2.2. Brückner’s Prescription and Symmetry Energy

Consider an isotropic and infinite nuclear matter whose energy density expression for the Brückner functional is given as [35,36]:

$$\begin{array}{ccc}\hfill \mathcal{E}{\left(\rho \right)}_{nucl.}& =& A{V}_0\left(x\right)+V_C-V_{Cx},\hfill \end{array}$$

(4)

where

$$\begin{array}{ccc}\hfill V_0\left(x\right)& =& 37.53[{(1+\alpha )}^{5/3}+{(1-\alpha )}^{5/3}]{\rho }_0{\left(x\right)}^{2/3}\hfill \\ & & +b_1{\rho }_0\left(x\right)+b_2{\rho }_0{\left(x\right)}^{4/3}+b_3{\rho }_0{\left(x\right)}^{5/3}\hfill \\ & & +{\alpha }^2[b_4{\rho }_0\left(x\right)+b_5{\rho }_0{\left(x\right)}^{4/3}+b_6{\rho }_0{\left(x\right)}^{5/3}].\hfill \end{array}$$

(5)

Here, $b_1=-741.28$, $b_2=1179.89$, $b_3=-467.54$, $b_4=148.26$, $b_5=372.84$, $b_6=-769.57$ and $\alpha =\frac{{\rho }_n-{\rho }_p}{\rho }$ are the asymmetry parameters where, $\rho ={\rho }_n+{\rho }_p$ in Ref. [19] and therein. The protons possess Coulomb energy $V_C=\frac{3}{5}\frac{Z^2{e}^2}{x}$ and Coulomb exchange energy $V_{Cx}=0.7386Z{e}^2{(3Z/4\pi x^3)}^{1/3}$ in each flucton. The conversion from the NM quantities, Equation (4), from momentum ($\rho -$) to coordinate ($r-$) space in local density approximation (LDA) is a central part of our calculation. The NM symmetry energy parameter $S^{NM}$ is estimated from the standard expression [23,35,37]:

$$\begin{array}{ccc}\hfill S^{NM}& =& \frac{1}{2}\frac{{\partial }^2(\mathcal{E}/\rho )}{\partial {\alpha }^2}{|}_{\alpha =0}\hfill \\ & =& 41.7{\rho }_0{\left(x\right)}^{2/3}+b_4{\rho }_0\left(x\right)+b_5{\rho }_0{\left(x\right)}^{4/3}+b_6{\rho }_0{\left(x\right)}^{5/3},\hfill \end{array}$$

(6)

at local density. The calculated nuclear densities of Hg nuclei from RMF are used as input in the CDFM approach as discussed in the subsequent sub-section.

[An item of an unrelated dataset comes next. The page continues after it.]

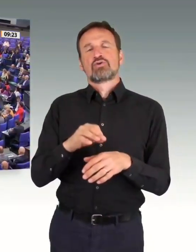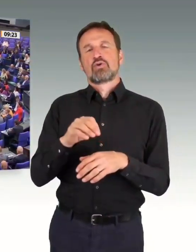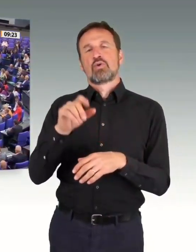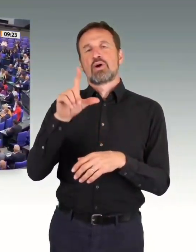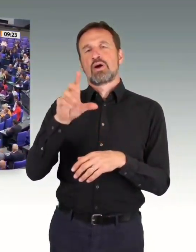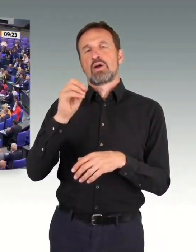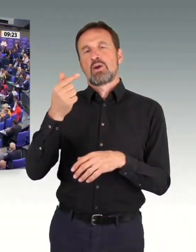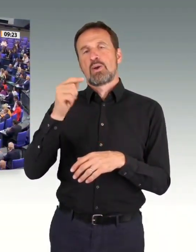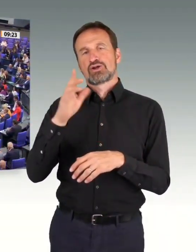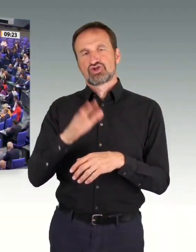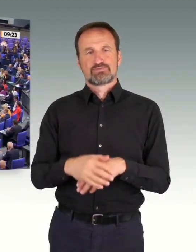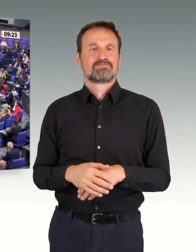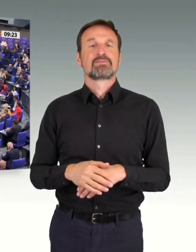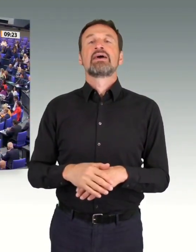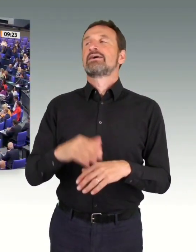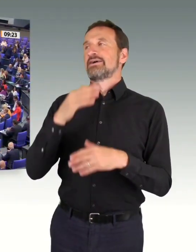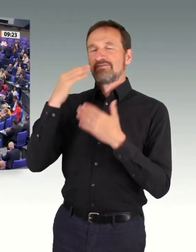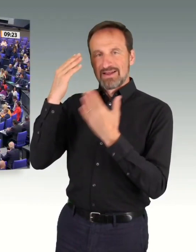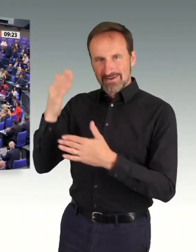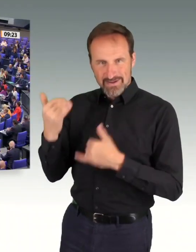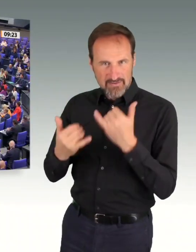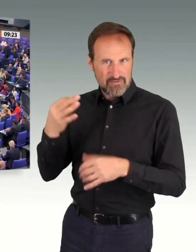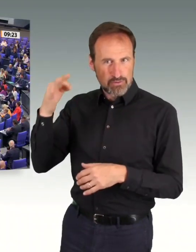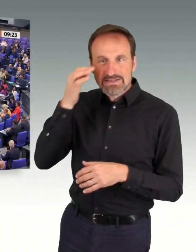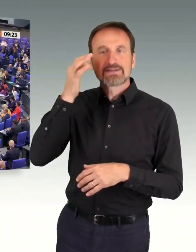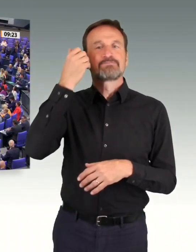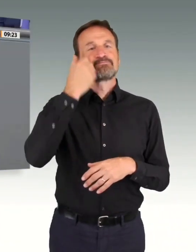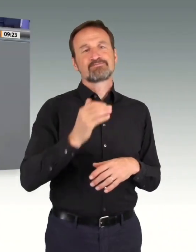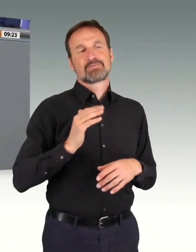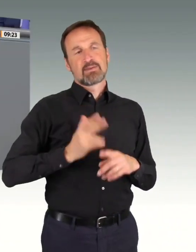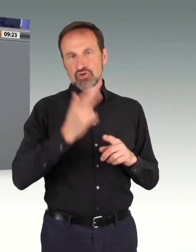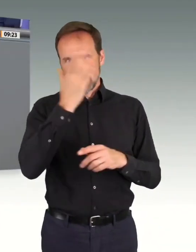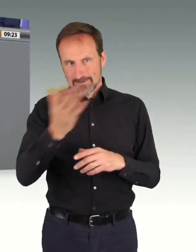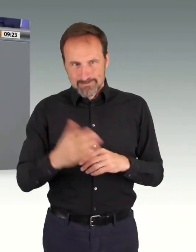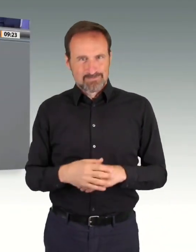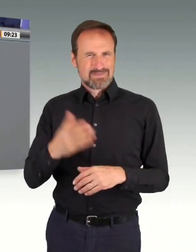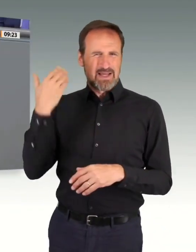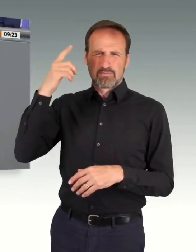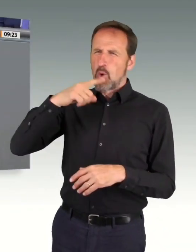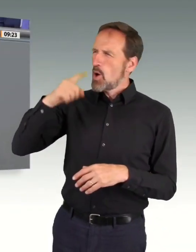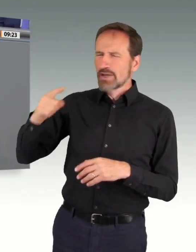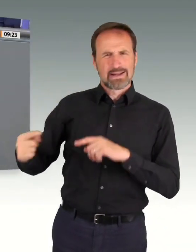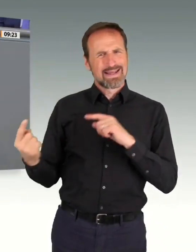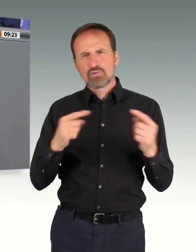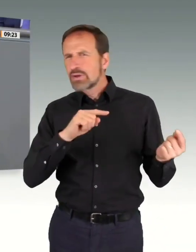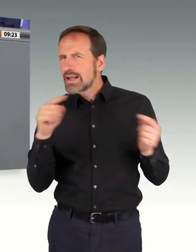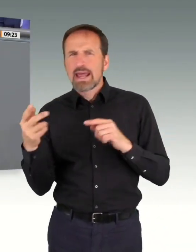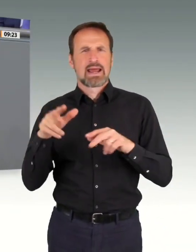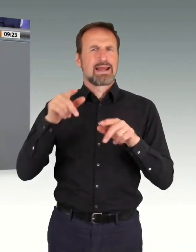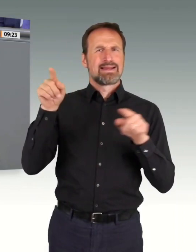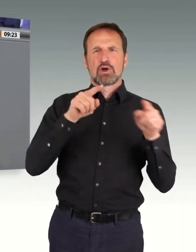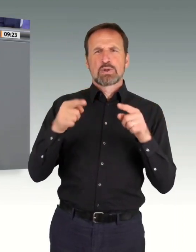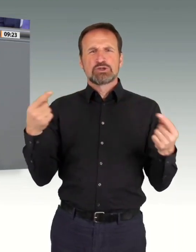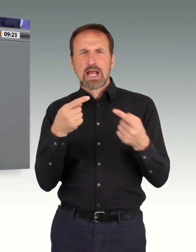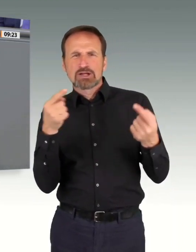Streitigkeiten, gegenseitige Beschuldigungen, Durchstechereien, und nun soll dieses Gesetz hoppla hopp auf die Tagesordnung kommen. Und Sie

2.3. The Coherent Density Fluctuations Model

The Coherent Density Fluctuations Model (CDFM) [38] deals with the variations in momentum and density distribution. This model provides a simple approach to investigating the surface property such as symmetry energy of finite nuclei. Within the CDFM formalism, the NM tool $S^{NM}$ from Equation (8) is utilized to calculate its value for the finite nucleus [38,39,40,41]. More comprehensive derivations can be found in Refs. [39,41,42,43,44]. The ${\left|F\left(x\right)\right|}^2$ for a given density $\rho$ (r) is expressed as,

$${\left|F\left(x\right)\right|}^2=-{\left(\frac{1}{{\rho }_0\left(x\right)}\frac{d\rho \left(r\right)}{dr}\right)}_{r=x},$$

(7)

with ${\int }_0^{\infty }dx{\left|F\left(x\right)\right|}^2=1$. The finite nuclear symmetry energy $S^A$ is computed by weighting the respective infinite nuclear matter quantity using the CDFM, which yields [41,42,44,45,46]

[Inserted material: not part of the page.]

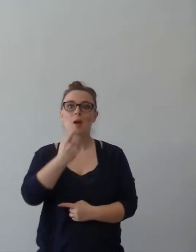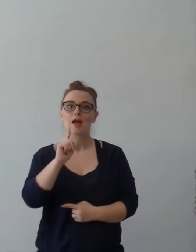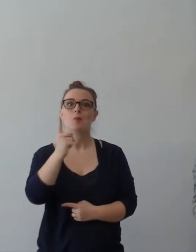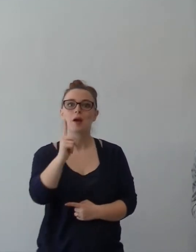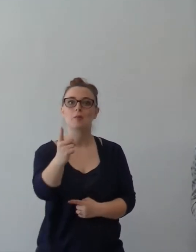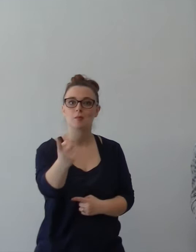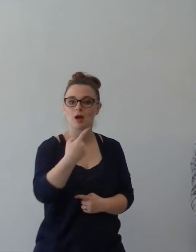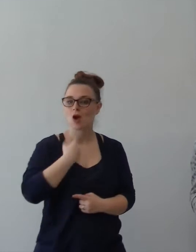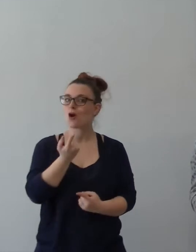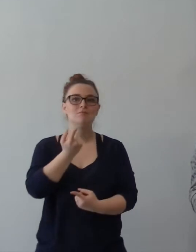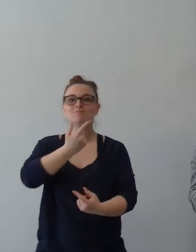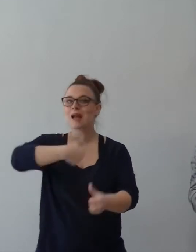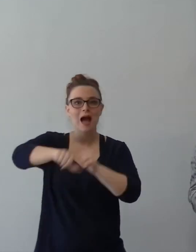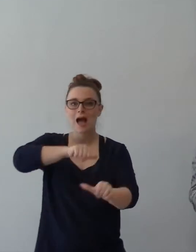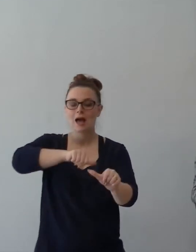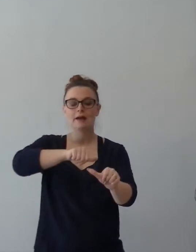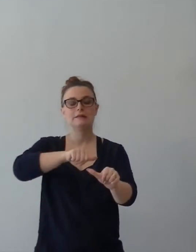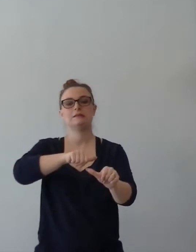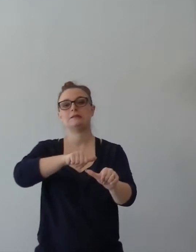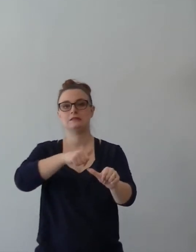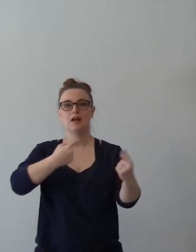svolta e dall'altra parte invece c

$$\begin{array}{c}\hfill S^A={\int }_0^{\infty }dx{\left|F\left(x\right)\right|}^2{S}^{NM}\left(\rho \left(x\right)\right),\end{array}$$

(8)

Equation (8) denotes the surface weighted average of the respective NM quantity at local density for finite nuclei.

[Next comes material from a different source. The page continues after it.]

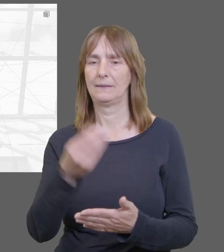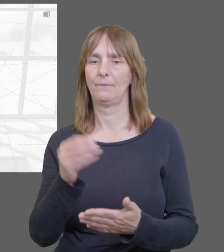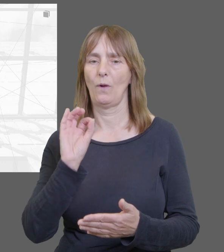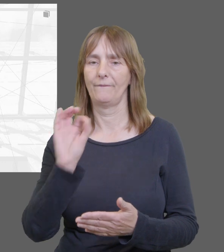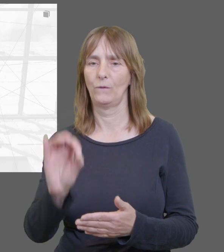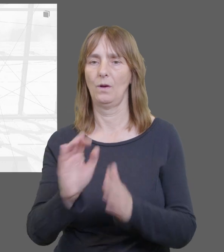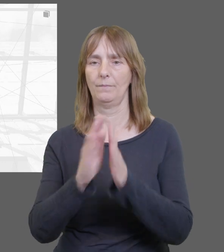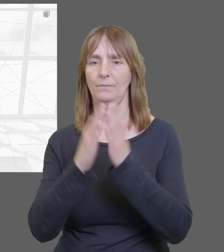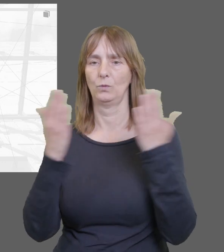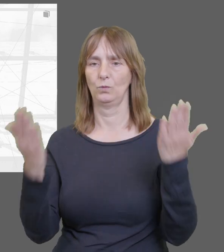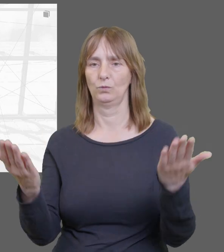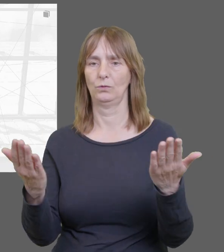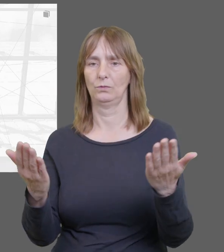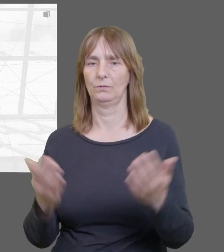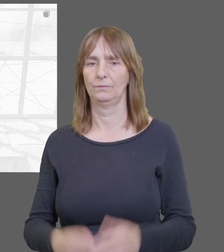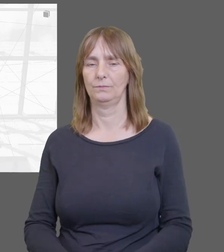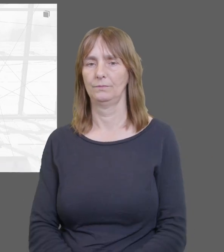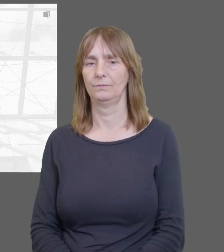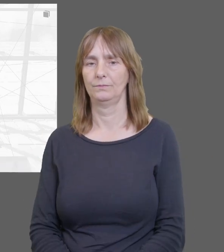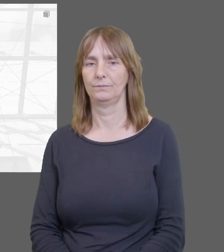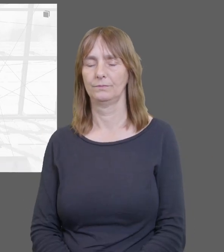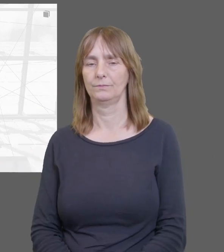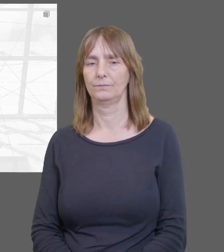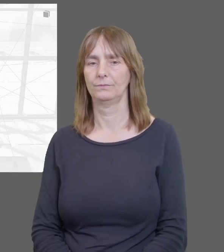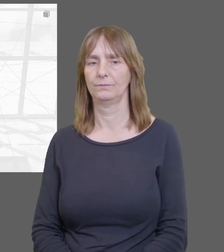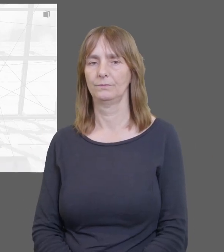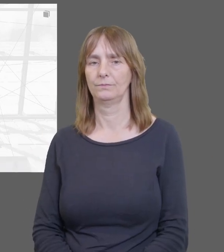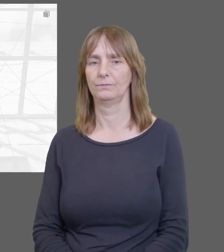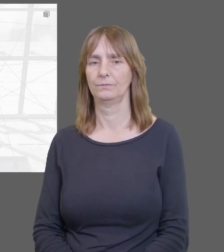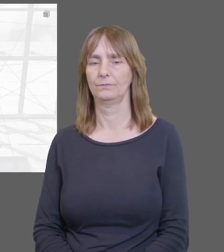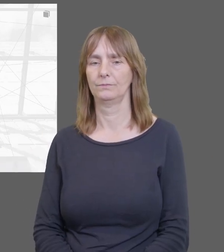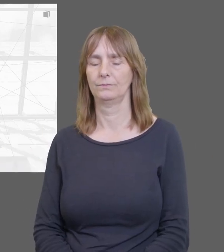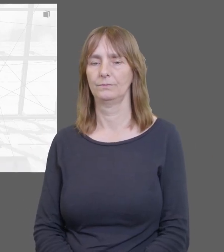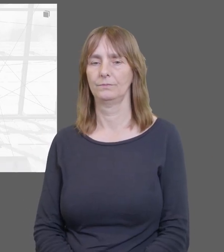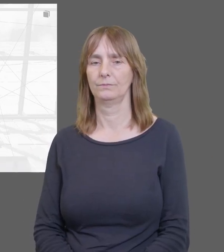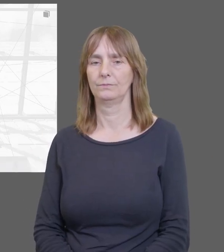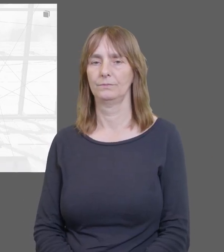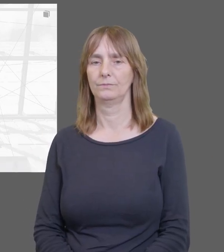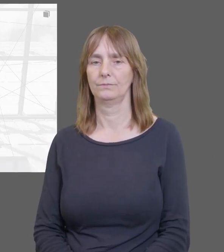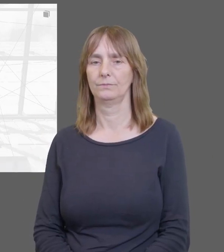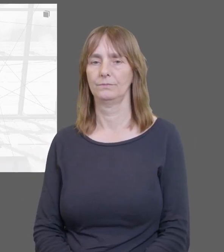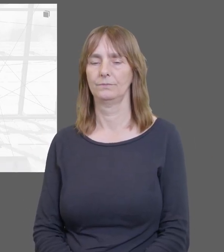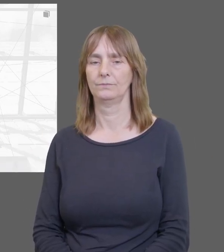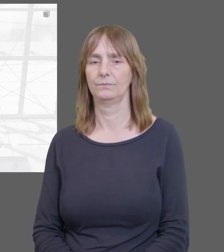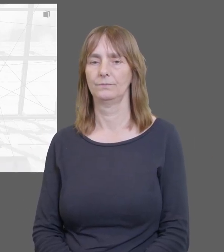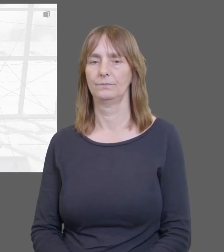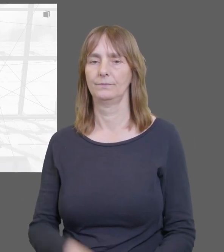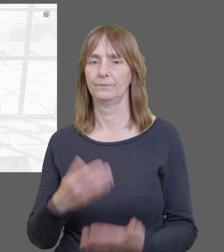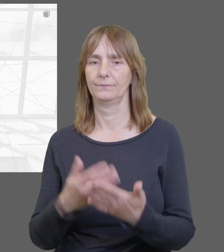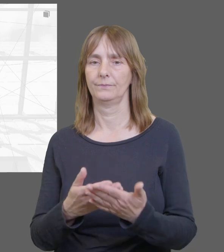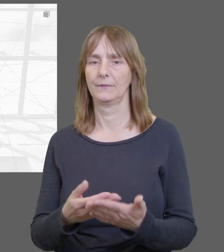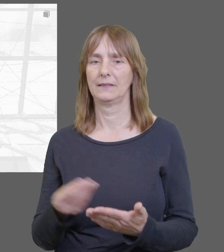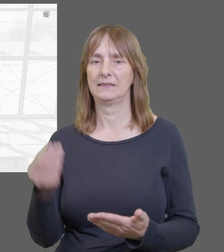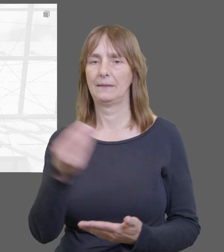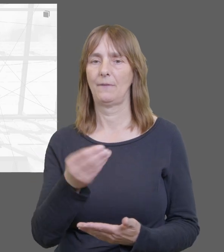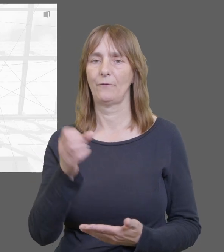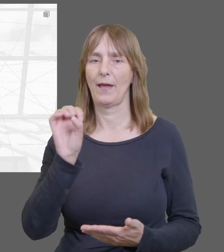Druckausgabe von Monographien kennen Sie bereits. Auf dieses Symbol sollten Sie vor allem bei den üblichen Bestellungen von Büchern

The volume and surface components of symmetry energy $S^A$ for finite nuclei in Danielewicz’s prescription are written as [16],

$$\begin{array}{c}\hfill S^A=\frac{S_V}{1+\frac{S_S}{S_V}{A}^{-1/3}}=\frac{S_V}{1+A^{-1/3}/\kappa }.\end{array}$$

(9)

where the ratio $\kappa \equiv \frac{S^V}{S^S}$ is defined as [16,47]:

$$\begin{array}{c}\hfill \kappa =\frac{3}{R{\rho }_0}{\int }_0^{\infty }dx{\left|F\left(x\right)\right|}^{2}x{\rho }_0\left(x\right)\left({\left(\frac{{\rho }_0}{\rho \left(x\right)}\right)}^{\gamma }-1\right).\end{array}$$

(10)

In Equation (10), the value of $\gamma =0.3$ follows Ref. [48]. A new approach was recently employed by Gaidarov et al. to calculate the $S^V$ and $S^S$ which entails the use of the non-relativistic densities within the weight function [49].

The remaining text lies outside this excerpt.